A collection of Burhanuddin’s political writings and speechesIt was this broad-based approach to a de-racialised politics that paved the way for the inclusive pan-Malayan political campaigns such as the pan-Malayan strikes and hartals that were aimed at bringing about the collapse of the colonial economy, and forcing the colonial government to grant an early independence to Malaya then.
Furthermore, it was the dream of a Malaysian Malaya, a homeland where all who were born in Malaya (as it was then called) were regarded as natives of the land and “Malays” in the widest, nationalist sense of the word.
Five decades on, the memory of that generation of Pan-Malayan nationalists who were colour blind seems to be diminishing with each passing day; and with their eclipse the barbed and poisonous slurs of “babi” and “balik Cina” have grown louder.
In the wake of the election results of 8 March 2008, this nation of ours is calling for a new national narrative that reflects, perhaps for the first time, the multilayered complexity of the Malaysian nation in motion.
Now more than ever the idealism of the likes of Burhanuddin al-Helmy, who could imagine a plural nation with a complex culture, is needed. And now more than ever we need a voice like that of the late Doctor’s who will remind the bellicose hate-mongers among us that this is the home of all Malaysians (including pigs born and raised in Malaysia); and that the only “Indians” and “Chinese” who will return to India and China one day happen to be tourists here on holiday.

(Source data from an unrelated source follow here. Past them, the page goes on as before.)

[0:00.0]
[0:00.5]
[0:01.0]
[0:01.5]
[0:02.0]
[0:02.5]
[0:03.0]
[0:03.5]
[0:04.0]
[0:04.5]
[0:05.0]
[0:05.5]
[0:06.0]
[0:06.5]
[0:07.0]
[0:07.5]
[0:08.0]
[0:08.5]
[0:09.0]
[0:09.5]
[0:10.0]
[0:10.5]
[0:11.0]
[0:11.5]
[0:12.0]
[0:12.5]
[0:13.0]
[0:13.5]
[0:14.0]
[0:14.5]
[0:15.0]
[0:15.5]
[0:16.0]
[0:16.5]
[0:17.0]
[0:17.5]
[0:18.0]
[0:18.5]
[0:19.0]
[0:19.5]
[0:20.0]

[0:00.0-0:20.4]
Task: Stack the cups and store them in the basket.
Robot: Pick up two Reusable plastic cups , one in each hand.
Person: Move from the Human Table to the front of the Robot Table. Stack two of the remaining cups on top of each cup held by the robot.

For the rest of us, this is our home — whether the sectarian communitarians among us like it or not.
Dr Farish A Noor is senior fellow at the S Rajaratnam School of International Studies, NTU, Singapore and affiliated professor at Universitas Muhamadiyah Surakarta, Indonesia. He is the co-founder of The Other Malaysia website, which is a sustained effort to highlight the marginalised aspects of Malaysian history, politics and popular culture.
James Selva says
I think it is a good piece. Now I know who is Dr.Burhanuddin is and they have a raod named after him in Tam Tun Dr Ismail. Hope it is the same person.My best wishes on your online news site.
glen e says
Good news, indeed, that you’re still writing, Dr Farish! Your fans miss you at The Other Malaysia! Thank you for the continuing effort to light a torch where darkness prevails.
Anne says
Pleased to know that I will still be able to enjoy your articles.

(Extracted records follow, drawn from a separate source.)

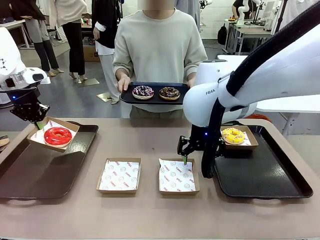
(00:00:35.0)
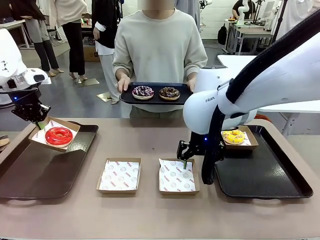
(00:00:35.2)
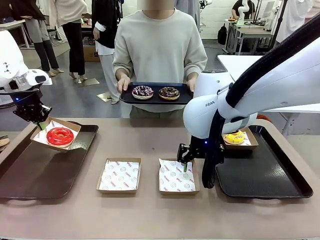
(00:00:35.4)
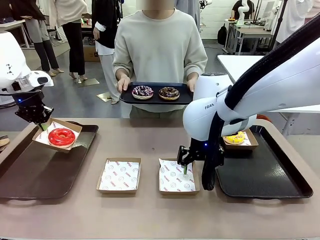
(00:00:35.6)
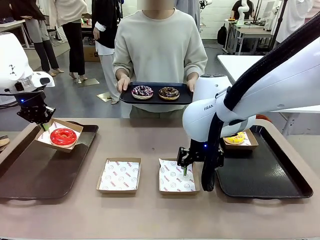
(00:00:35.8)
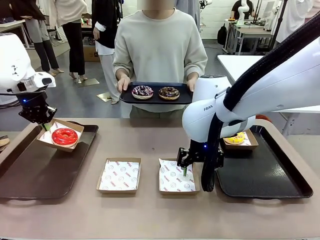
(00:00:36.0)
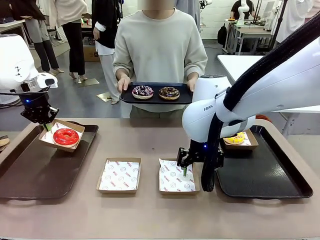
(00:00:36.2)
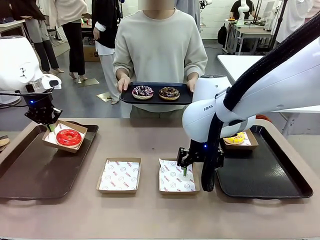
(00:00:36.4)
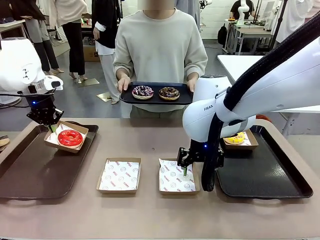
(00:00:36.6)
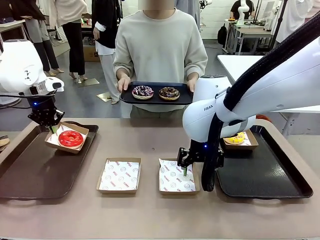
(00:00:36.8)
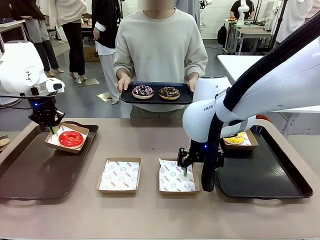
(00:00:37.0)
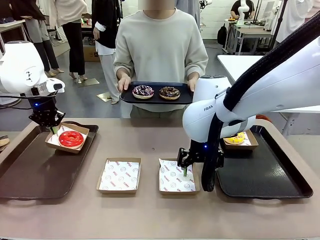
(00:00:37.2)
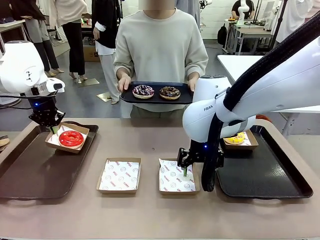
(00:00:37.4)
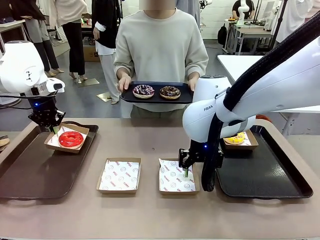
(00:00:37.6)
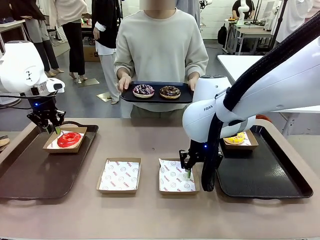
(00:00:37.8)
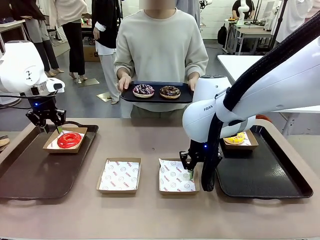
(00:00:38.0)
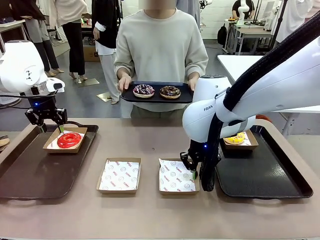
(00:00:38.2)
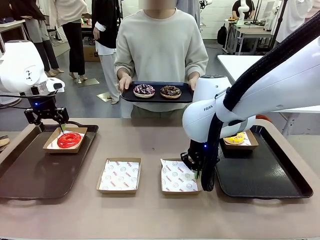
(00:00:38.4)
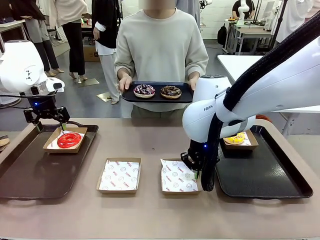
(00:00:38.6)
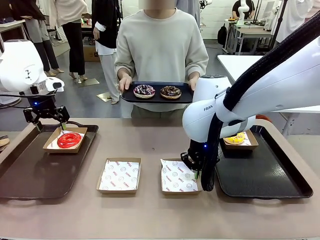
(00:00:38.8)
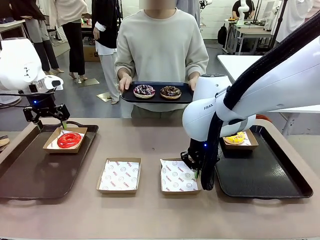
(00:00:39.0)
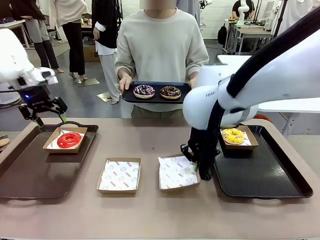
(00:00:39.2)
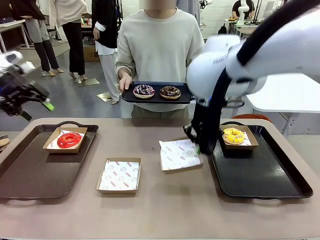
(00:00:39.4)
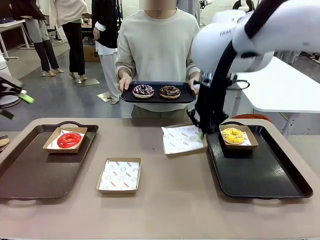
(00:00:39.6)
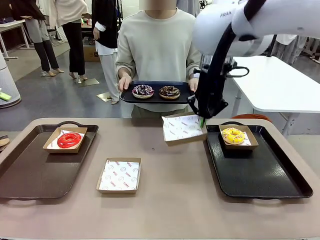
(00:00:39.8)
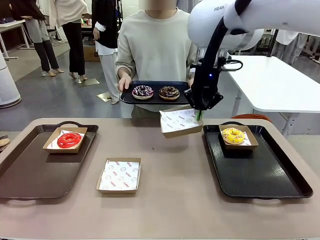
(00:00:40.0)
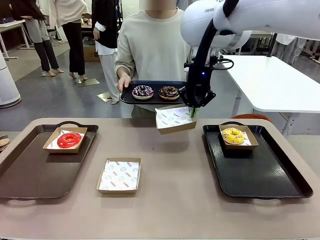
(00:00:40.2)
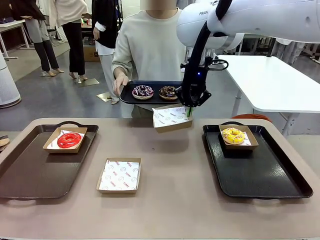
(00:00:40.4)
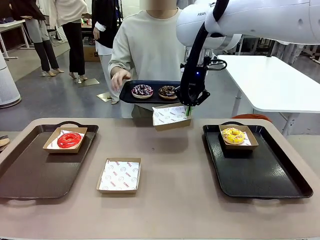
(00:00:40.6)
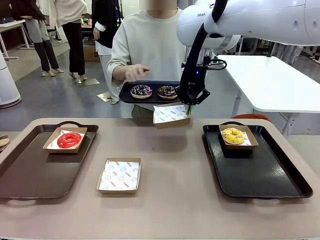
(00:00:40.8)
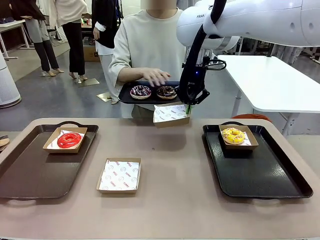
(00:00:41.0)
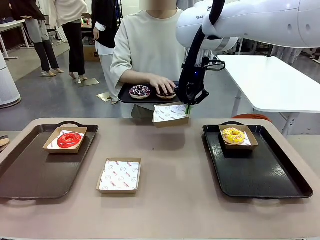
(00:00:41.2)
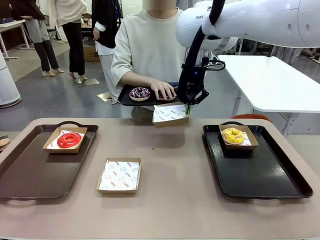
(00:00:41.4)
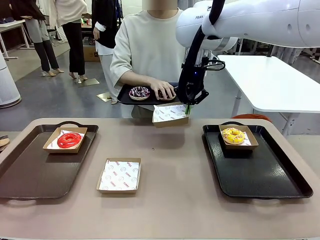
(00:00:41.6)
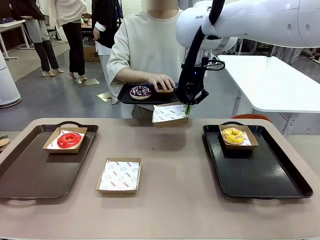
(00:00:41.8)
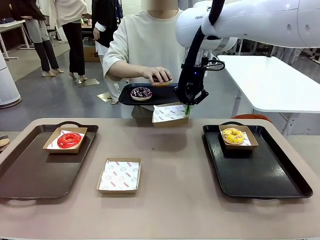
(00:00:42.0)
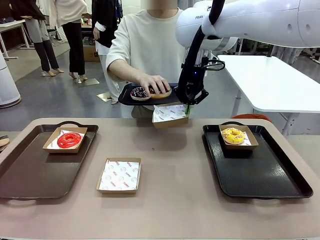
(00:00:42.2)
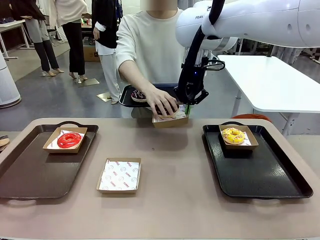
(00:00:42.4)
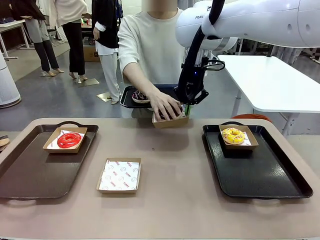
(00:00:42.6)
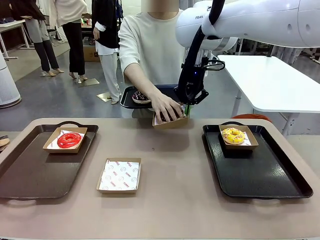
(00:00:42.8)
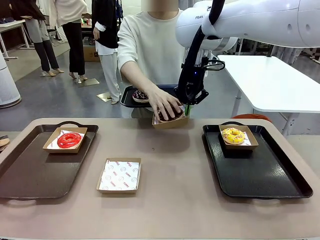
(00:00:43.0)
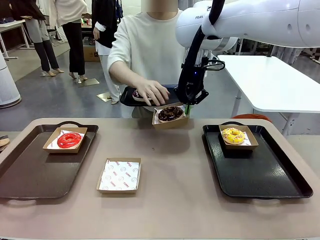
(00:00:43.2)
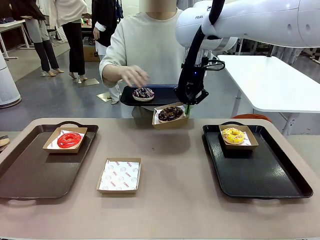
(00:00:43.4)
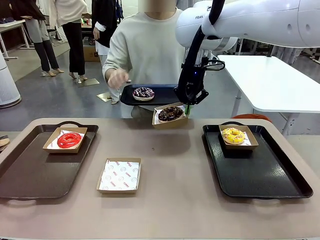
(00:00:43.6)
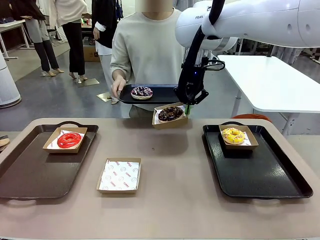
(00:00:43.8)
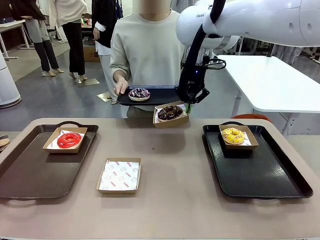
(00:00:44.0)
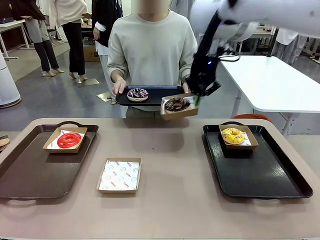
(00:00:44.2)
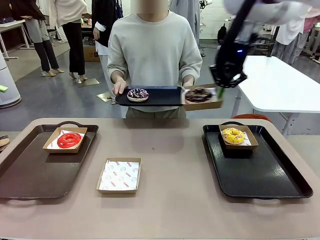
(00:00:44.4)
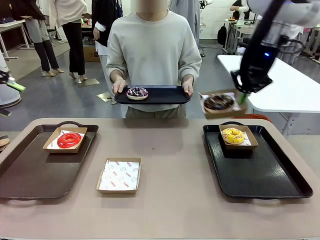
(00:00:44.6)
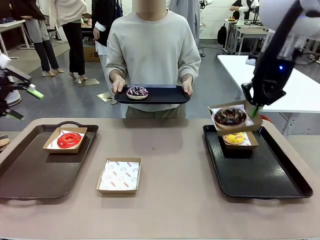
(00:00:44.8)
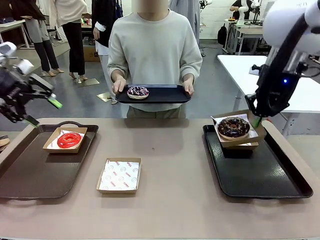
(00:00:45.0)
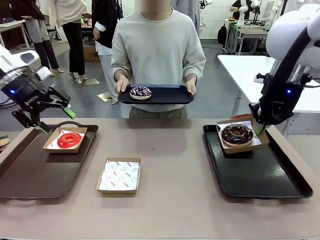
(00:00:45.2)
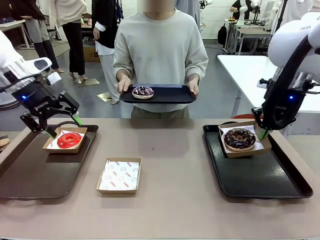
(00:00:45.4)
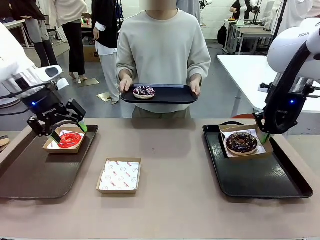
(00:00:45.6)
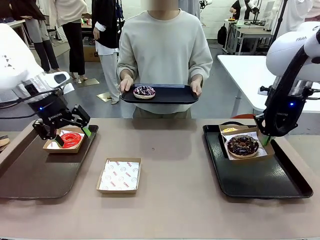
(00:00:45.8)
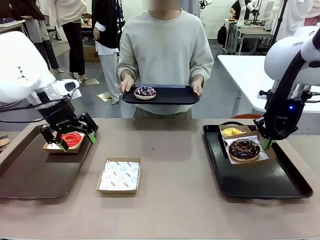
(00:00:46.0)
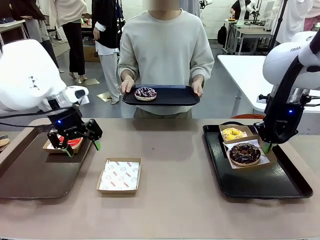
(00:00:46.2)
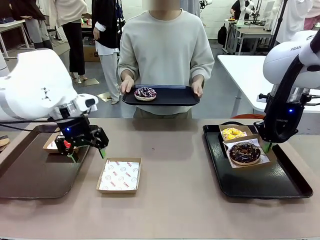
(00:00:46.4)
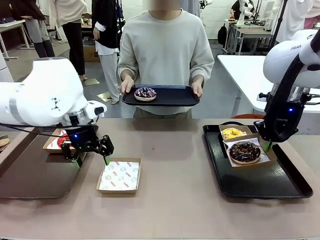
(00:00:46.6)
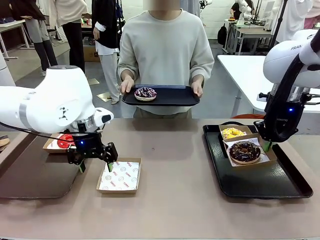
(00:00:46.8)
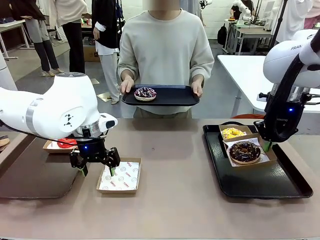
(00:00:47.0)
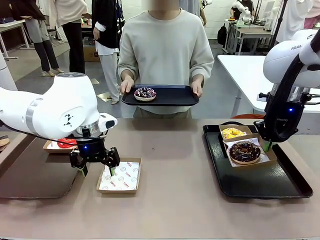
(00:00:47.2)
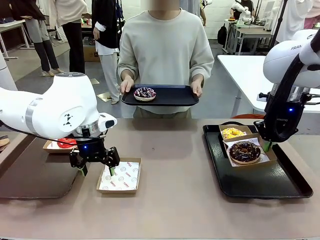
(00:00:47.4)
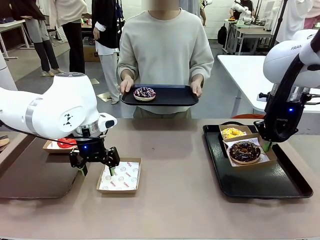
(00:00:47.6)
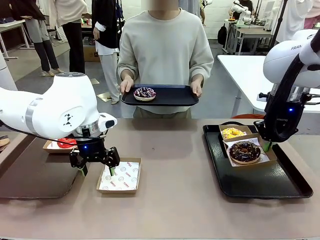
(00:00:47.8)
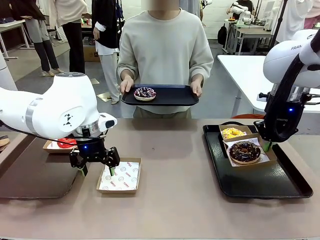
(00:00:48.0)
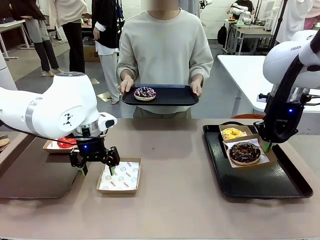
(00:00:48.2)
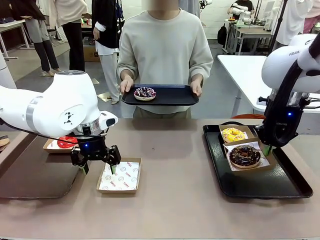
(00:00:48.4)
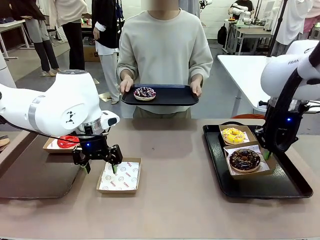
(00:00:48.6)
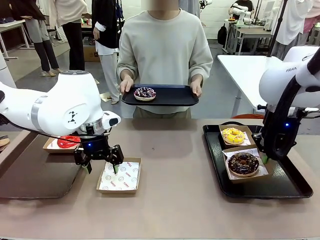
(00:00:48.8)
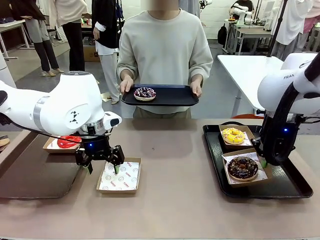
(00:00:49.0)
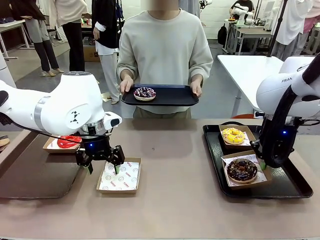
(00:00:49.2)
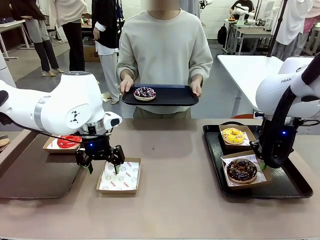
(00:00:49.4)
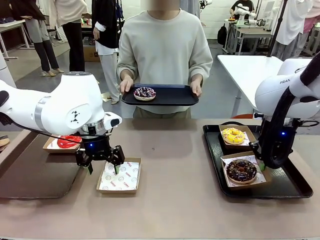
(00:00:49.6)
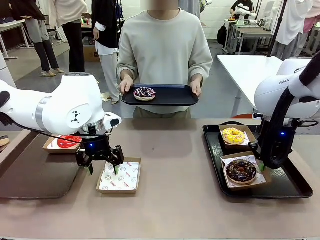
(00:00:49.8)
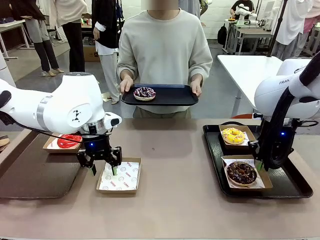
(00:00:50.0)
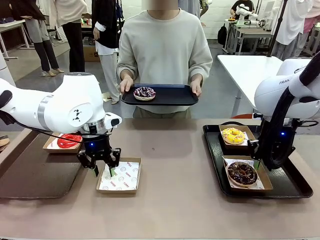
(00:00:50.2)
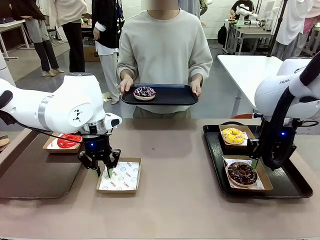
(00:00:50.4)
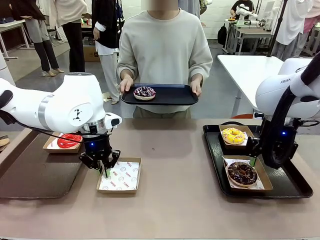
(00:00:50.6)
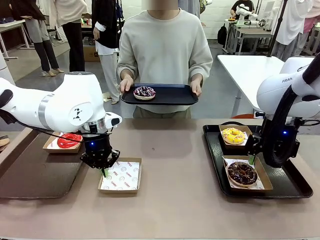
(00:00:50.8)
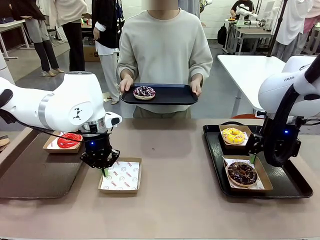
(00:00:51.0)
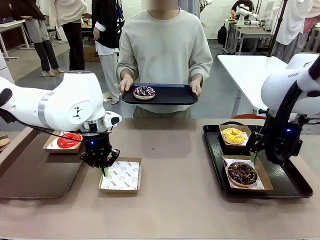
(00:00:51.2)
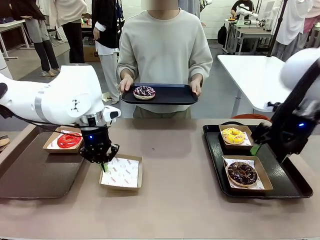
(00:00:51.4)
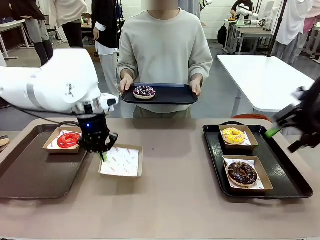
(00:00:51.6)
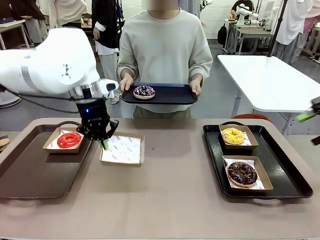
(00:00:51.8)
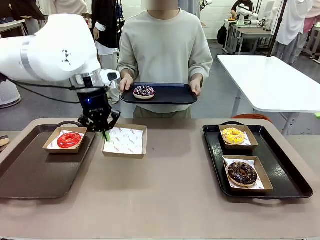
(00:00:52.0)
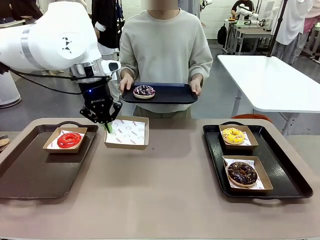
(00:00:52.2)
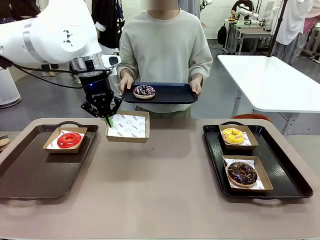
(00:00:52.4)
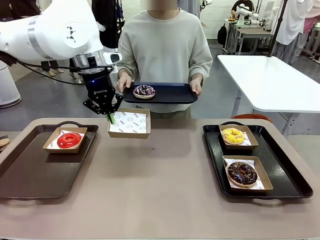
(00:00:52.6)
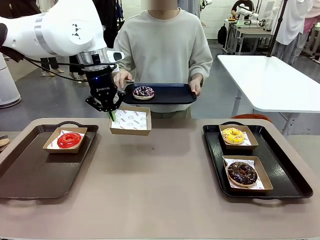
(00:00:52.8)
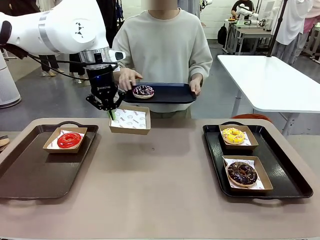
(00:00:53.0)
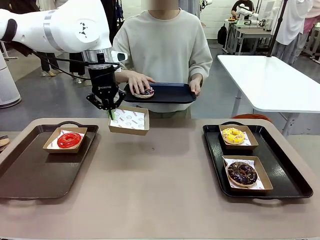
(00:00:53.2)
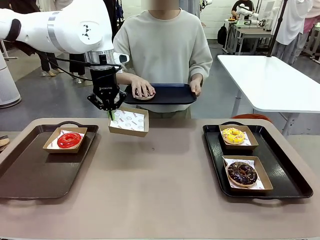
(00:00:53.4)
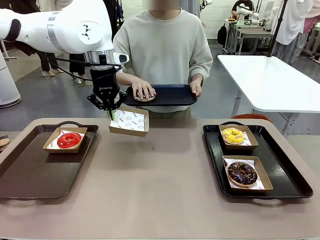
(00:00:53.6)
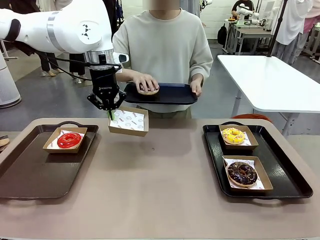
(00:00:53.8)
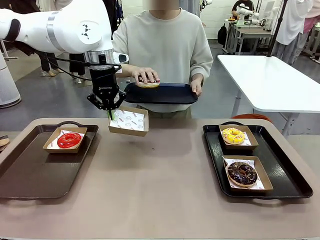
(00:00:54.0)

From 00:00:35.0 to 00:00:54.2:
Task: Individually package the donuts and arrange them on the tray.
Robot: Place the picked Paper togo box on the Handle tray while simultaneously picking up another Paper togo box from the table with the other hand.

By the way, if (according to the neanderthals who cannot fathom intelligent discourse), the Chinese must return to China and Indians to India, where would one of mixed parentage like me go….?
Victor Chin says
That Burhanuddin Helmi was such an outstanding Malaysian at his time and if we all knew more of his thoughts it would be even more important for our fellow citizens in the future. His name is also connected by geography to a piece of news about a photographic exhibition in Taman Tun Dr Ismail. My fellow photographer friend Eric Peris and i happen to be having a photographic exhibition at No 80 Jln Burhanuddin Helmi till the 31 August. This show ‘Form & Emptiness’ explores the Buddhist ruins and dessicated statues of Buddha in Sukhothai and Ayutthaya 400 years ago in Thailand and what is left of the two cities today. The picture of the past of our neighbours and also in our country has many dark and contradictory sides. At the heart of it is the our human nature to dominate and subjugate another by any means. This battle is still being fought not just here but in every corner of this planet. Come a take a look at the exhibition and it may be our waring-selves we are looking at.